Andreas mengatakan, sektor pergaraman mesti melakukan modernisasi dalam budidaya garam untuk dapat meningkatkan kualitasnya. Peningkatan kualitas itu, kata Andreas dapat menjadi strategi jangka panjang yang harus dilakukan Kementerian Kelauran dan Perikanan (KKP) secara terukur.
“Ini perlu investasi karena berkaitan dengan teknologi. Pemerintah juga harus melatih petambak dengan benar agar bisa meningkatkan kualitas garam. Sekaligus diberikan bantuan modal usaha,” kata Andreas.
Pakar Perikanan dan Kelautan IPB, Nimmi Zulbarnaini, menambahkan, Kementerian Perindustrian (Kemenperin) wajib untuk memperketat pengawasan impor garam industri. Ia menyebut, ada potensi kebocoran garam industri ke pasar dan menjadi garam konsumsi jika pengawasan lemah. Hal itu sudah pasti bakal membuat ceruk pasar bagi garam lokal untuk konsumsi masyarakat kalah saing. “Ada dugaan garam impor bocor. Itu harus diawasi supaya garam lokal tidak tergerus pasarnya,” kata dia.
Senada dengan Andreas, Nimmi mengatakan, pada kenyataan di lapangan kualitas garam lokal memang masih rendah. Berdasarkan pengamatan yang dilakukan, selain kadar NaCl, kandungan air garam lokal masih lebih tinggi dibanding garam impor. Hal itu wajar terjadi karena mayoritas petambang masih mengandalkan sinar matahari.

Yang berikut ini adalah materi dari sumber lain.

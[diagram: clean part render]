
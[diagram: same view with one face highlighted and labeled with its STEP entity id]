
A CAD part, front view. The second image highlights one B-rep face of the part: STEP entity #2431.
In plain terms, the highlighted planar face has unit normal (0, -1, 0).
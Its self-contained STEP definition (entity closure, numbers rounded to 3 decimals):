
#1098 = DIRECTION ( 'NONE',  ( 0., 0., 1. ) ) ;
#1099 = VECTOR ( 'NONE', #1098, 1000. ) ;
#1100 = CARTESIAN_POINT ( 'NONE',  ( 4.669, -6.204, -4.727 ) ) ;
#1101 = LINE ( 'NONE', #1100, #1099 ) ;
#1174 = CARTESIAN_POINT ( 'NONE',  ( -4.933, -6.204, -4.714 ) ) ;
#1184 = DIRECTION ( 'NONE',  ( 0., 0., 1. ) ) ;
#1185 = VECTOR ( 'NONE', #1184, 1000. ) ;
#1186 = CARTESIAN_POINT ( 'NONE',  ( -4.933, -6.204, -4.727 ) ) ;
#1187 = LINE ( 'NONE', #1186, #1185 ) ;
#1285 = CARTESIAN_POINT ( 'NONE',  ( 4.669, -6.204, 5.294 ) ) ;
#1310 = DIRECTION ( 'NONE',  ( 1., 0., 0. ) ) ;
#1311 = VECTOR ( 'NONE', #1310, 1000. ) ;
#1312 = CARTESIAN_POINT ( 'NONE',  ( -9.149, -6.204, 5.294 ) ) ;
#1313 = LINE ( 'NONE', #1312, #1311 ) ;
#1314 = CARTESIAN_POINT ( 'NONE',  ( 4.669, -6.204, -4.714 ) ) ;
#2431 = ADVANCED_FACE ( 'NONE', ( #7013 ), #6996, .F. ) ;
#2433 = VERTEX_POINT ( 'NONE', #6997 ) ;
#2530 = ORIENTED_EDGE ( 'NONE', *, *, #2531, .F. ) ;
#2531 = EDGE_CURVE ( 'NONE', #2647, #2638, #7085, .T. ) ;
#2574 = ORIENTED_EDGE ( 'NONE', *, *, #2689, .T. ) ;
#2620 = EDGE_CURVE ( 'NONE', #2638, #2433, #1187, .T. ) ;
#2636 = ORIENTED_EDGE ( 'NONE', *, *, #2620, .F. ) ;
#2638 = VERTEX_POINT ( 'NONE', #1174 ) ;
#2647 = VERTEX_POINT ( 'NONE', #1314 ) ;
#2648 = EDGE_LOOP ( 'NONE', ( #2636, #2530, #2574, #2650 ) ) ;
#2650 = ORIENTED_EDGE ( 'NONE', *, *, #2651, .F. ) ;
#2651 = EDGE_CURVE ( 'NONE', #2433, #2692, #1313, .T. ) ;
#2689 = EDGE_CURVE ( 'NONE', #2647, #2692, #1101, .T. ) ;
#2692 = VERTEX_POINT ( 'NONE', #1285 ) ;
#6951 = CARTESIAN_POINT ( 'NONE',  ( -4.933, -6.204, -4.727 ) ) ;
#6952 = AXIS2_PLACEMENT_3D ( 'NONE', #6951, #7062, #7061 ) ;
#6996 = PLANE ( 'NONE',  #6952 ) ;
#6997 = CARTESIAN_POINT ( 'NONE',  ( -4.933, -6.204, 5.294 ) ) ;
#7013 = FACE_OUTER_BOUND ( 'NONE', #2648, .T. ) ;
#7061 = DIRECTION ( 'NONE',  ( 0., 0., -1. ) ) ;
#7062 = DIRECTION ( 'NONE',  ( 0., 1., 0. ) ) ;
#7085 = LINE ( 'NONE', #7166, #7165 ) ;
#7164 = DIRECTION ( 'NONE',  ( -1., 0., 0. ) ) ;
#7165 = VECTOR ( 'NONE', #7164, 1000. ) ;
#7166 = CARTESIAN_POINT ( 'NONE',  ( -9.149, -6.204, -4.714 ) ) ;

Sementara industri tidak dapat menggunakan garam yang kadar airnya tinggi sebab akan larut dengan cepat ketika tengah di simpan di gudang. Ia mengatakan, sesuai Standar Nasional Indonesia (SNI) garam yang larut dalam air maksimal 0,5 persen. Sedangkan realita garam milik petambak, sekitar 0,1-0,2 yang terlarut dalam air.
“Memang ketika kami mengecek langsung ke lapangan, garam lokal belum sesuai kebutuhan industri. Sampai kapanpun ini tidak ketemu kalau tidak ada perbaikan kualitas,” kata dia.